Radiation Hardened Electronics Market Size, Share & Trends Analysis Report By Product Type (Custom Made, Commercial-Off-the-Shelf), By Material Type (Silicon, Silicon Carbide, Gallium Nitride, Others), By Technique (Radiation Hardening by Design (RHBD), Radiation Hardening by Process (RHBP), Radiation Hardening by Software (RHBS)), By Component Type (Power Management, Application Specific Integrated Circuit, Logic, Memory, Field-Programmable Gate Array, Others), By Application (Space Satellites, Commercial Satellites, Military, Aerospace and Defense, Nuclear Power Plants, Others) and By Region(North America, Europe, APAC, Middle East and Africa, LATAM) Forecasts, 2024-2032

Market Overview

The global radiation hardened electronics market size was valued at USD 2.4 billion in 2021 and is projected to reach USD 2.83 billion by 2030 at a CAGR of 1.85% from 2022 to 2030.

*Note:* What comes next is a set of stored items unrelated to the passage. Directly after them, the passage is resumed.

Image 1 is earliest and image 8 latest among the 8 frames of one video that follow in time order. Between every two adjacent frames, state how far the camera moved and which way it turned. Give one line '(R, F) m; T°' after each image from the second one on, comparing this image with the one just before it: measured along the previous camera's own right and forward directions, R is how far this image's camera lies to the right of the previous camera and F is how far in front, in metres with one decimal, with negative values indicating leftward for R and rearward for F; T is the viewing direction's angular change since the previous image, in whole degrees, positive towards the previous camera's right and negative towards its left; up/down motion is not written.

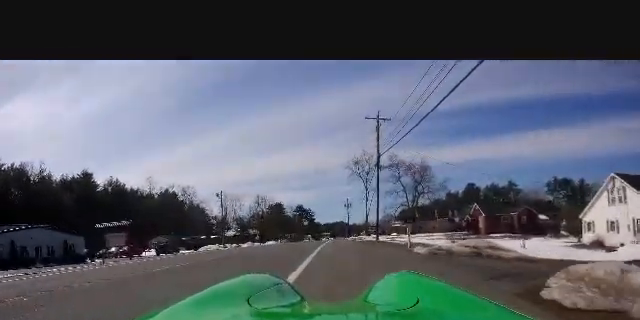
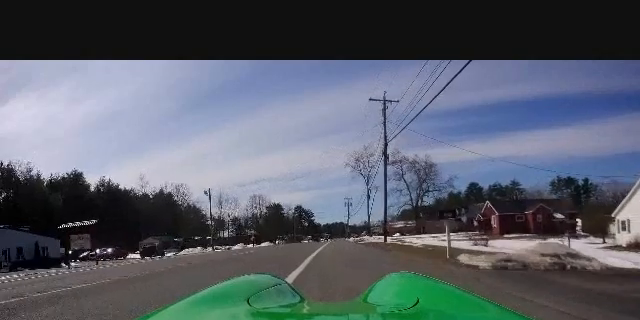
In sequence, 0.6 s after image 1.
(-0.3, +5.2) m; -1°
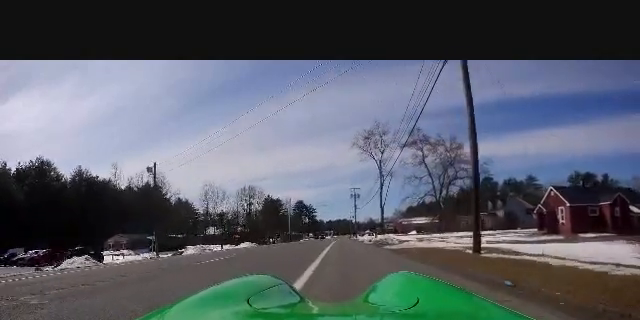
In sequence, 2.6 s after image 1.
(+0.2, +17.1) m; 0°
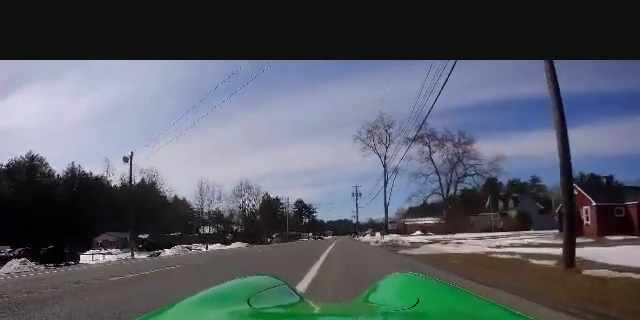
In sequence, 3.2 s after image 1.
(0.0, +4.5) m; 0°
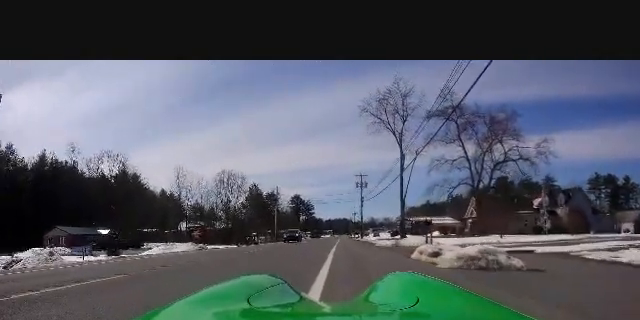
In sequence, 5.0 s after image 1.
(0.0, +15.0) m; 0°
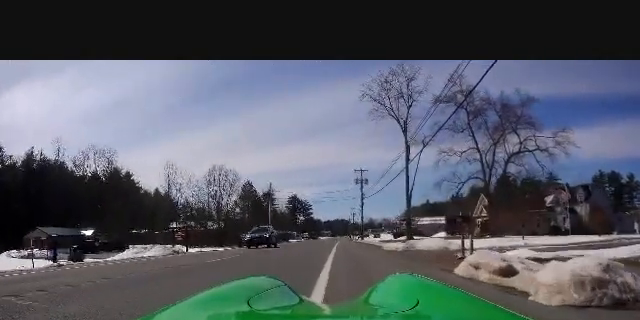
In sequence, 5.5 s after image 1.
(0.0, +4.7) m; 0°
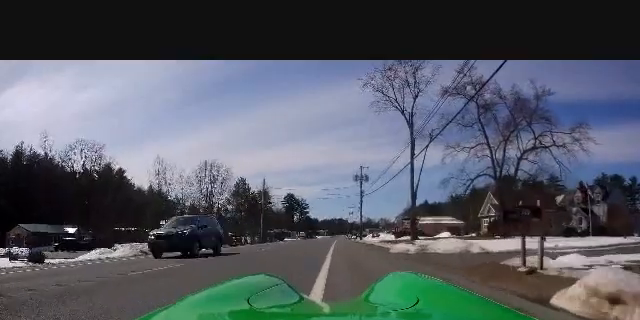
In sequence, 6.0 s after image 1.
(0.0, +3.9) m; 0°
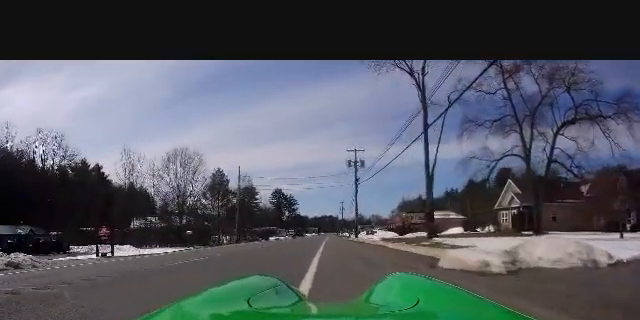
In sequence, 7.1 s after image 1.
(0.0, +9.5) m; 0°
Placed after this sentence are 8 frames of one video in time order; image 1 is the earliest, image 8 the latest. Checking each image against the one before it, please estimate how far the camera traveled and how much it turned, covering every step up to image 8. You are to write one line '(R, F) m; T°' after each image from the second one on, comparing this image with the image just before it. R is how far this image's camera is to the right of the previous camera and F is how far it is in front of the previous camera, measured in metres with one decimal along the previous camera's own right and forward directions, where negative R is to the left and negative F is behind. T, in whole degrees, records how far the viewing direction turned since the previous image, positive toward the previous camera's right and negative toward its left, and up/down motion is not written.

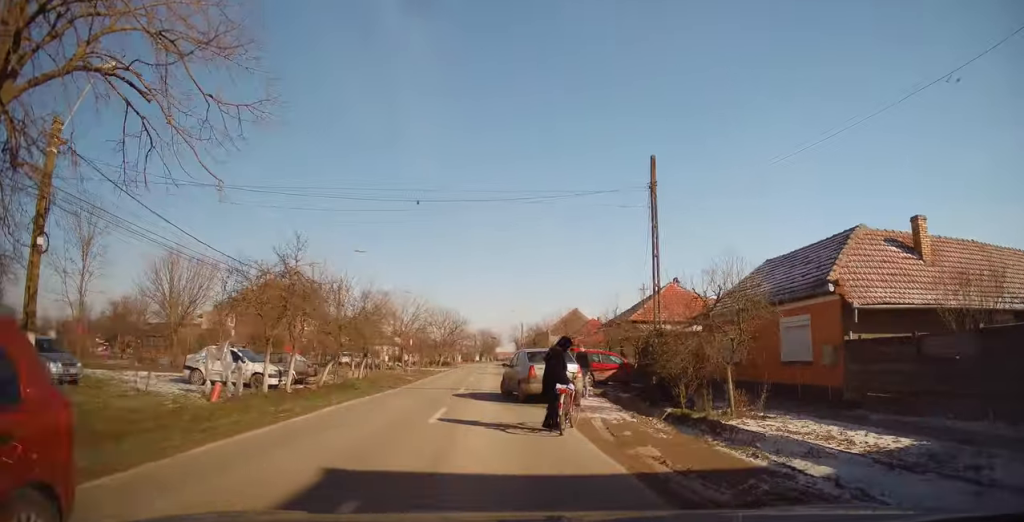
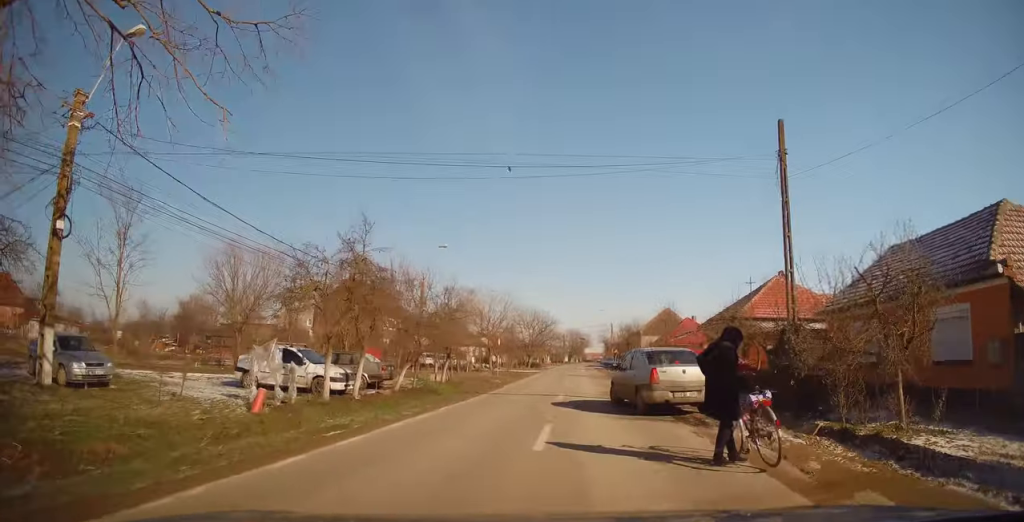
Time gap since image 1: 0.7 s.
(-0.1, +3.7) m; -5°
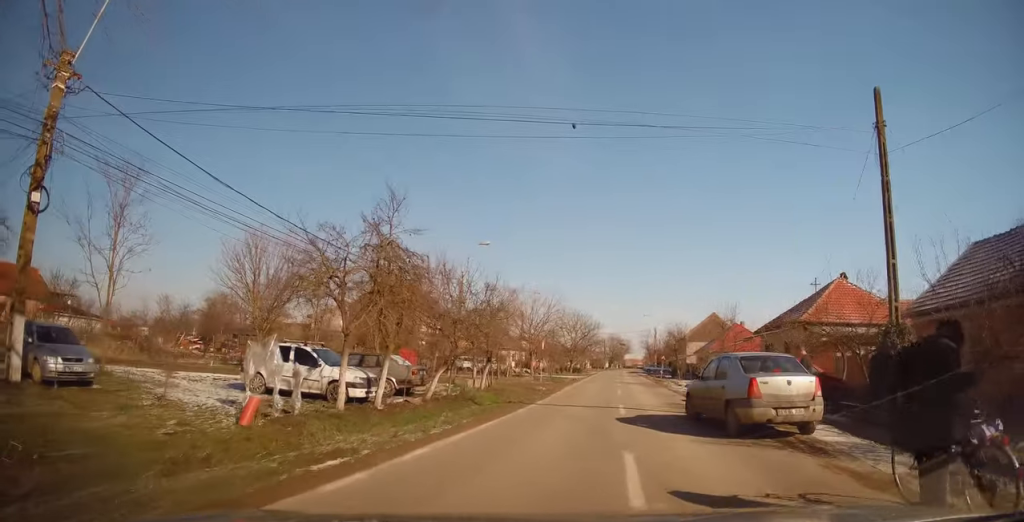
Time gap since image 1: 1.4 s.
(-0.2, +3.1) m; -3°
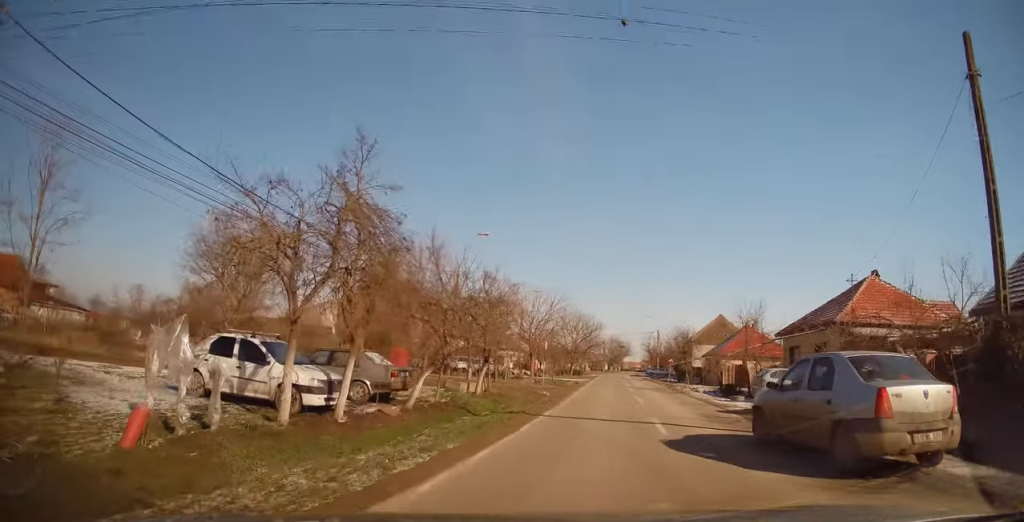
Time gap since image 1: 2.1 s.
(-0.1, +3.6) m; +1°
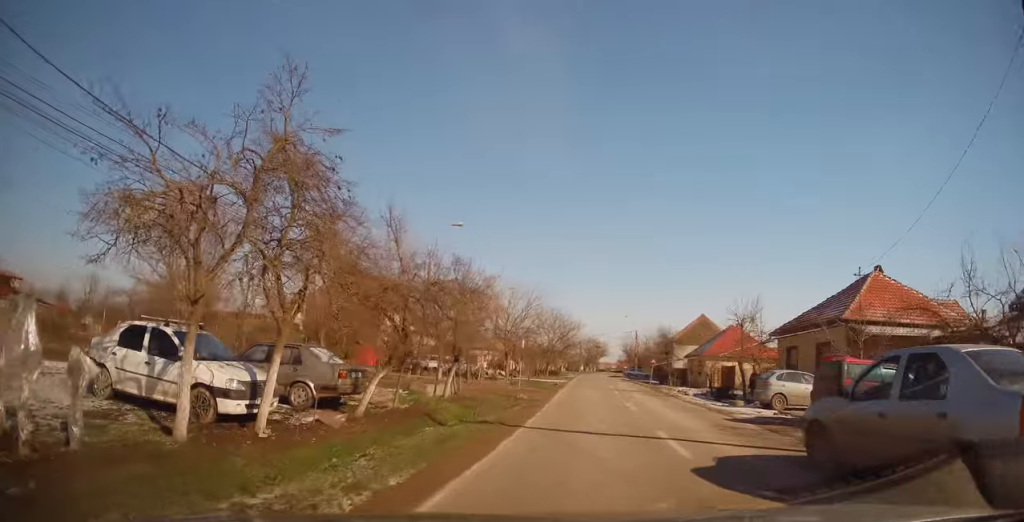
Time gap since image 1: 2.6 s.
(-0.1, +2.3) m; +3°
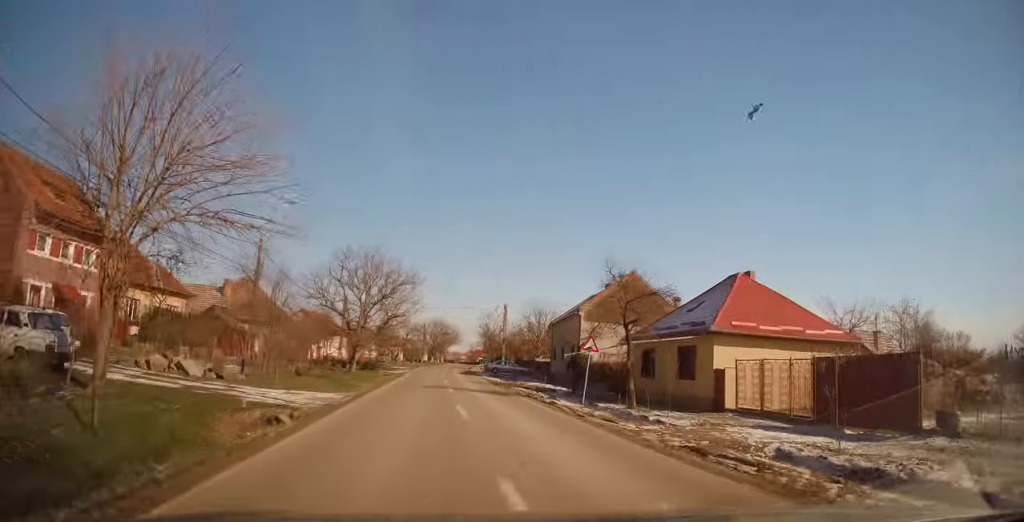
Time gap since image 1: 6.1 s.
(+3.4, +28.6) m; +12°
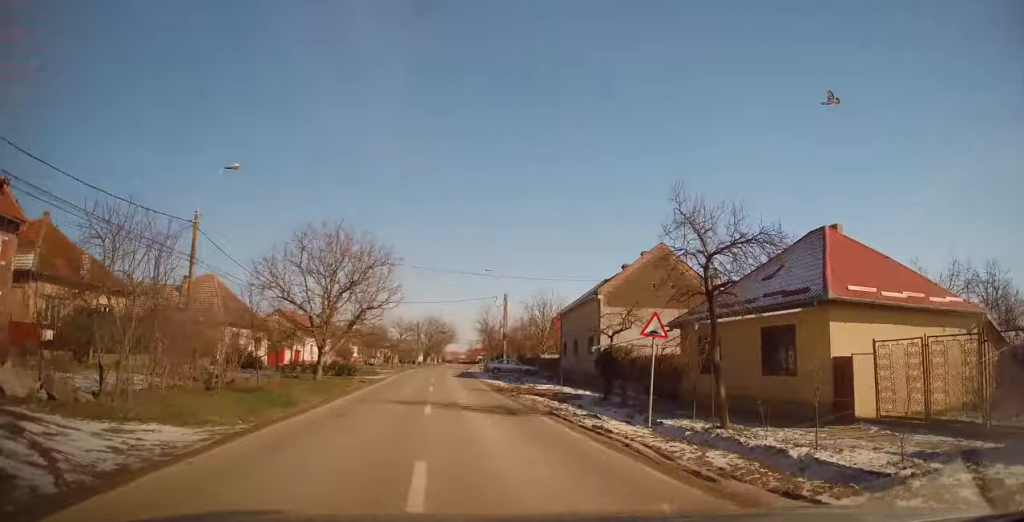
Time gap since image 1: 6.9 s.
(+0.6, +8.0) m; +2°
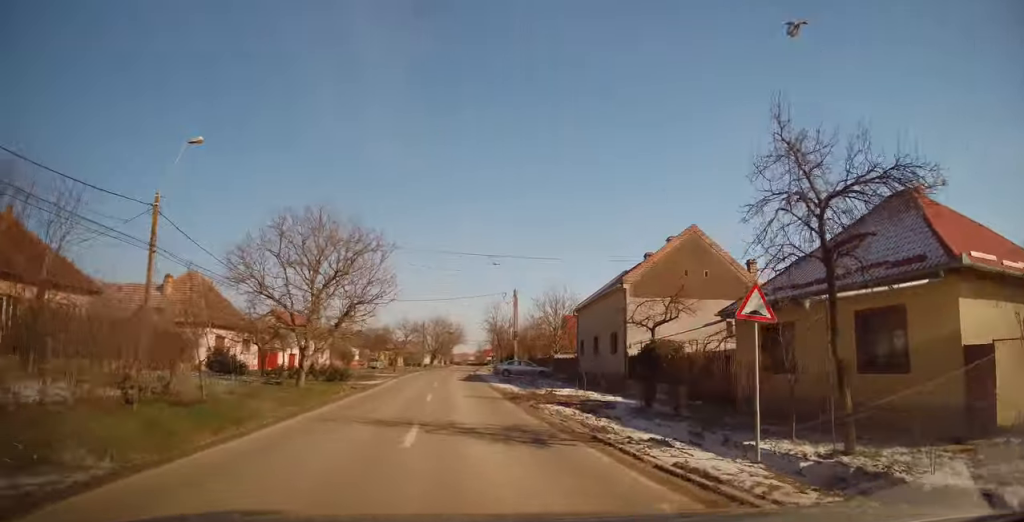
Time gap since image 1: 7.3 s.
(-0.2, +4.5) m; -2°

The term radiation-hardened electronics refers to a variety of electronic components, packages, and products that are primarily utilised for high-altitude applications. For the production of such components, silicon, silicon carbide, gallium nitride, and hydrogenated amorphous silicon are used as raw materials. These components are resistant to the damage caused by nuclear reactors' ionising and high-energy radiations, as well as gamma and neutron radiation. As for switching regulators, microprocessors, and power supply devices, they are utilised extensively in satellites, aircraft, and nuclear power plants. As a result, they find widespread use in numerous industries, including aviation, space, military, and defence.

Market Dynamics

Drivers for The Radiation Hardened Electronics Market

• Satellite-Based Application Drives The Market

Satellites are utilised for a variety of purposes, including communications, positioning services, and Earth observation. Since the launch of Sputnik in 1957, space-based missions have grown exponentially, as evidenced by the construction of the International Space Station and the launch of over 8,100 space objects, including dozens of exploration missions to every corner of the Solar System. Satellites have become the commercial and military sectors' top choice for conducting scientific research. The rising demand for satellites has prompted satellite manufacturers to adopt cost-effective methods for the production of satellites on a large scale. Revolutionary technological advancements have enabled the miniaturisation of electronics, which has spurred the development of intelligent materials, thereby reducing the size and mass of satellites over time. Numerous aerospace behemoths are investing in this sector as a result of the opportunities presented by small satellite projects.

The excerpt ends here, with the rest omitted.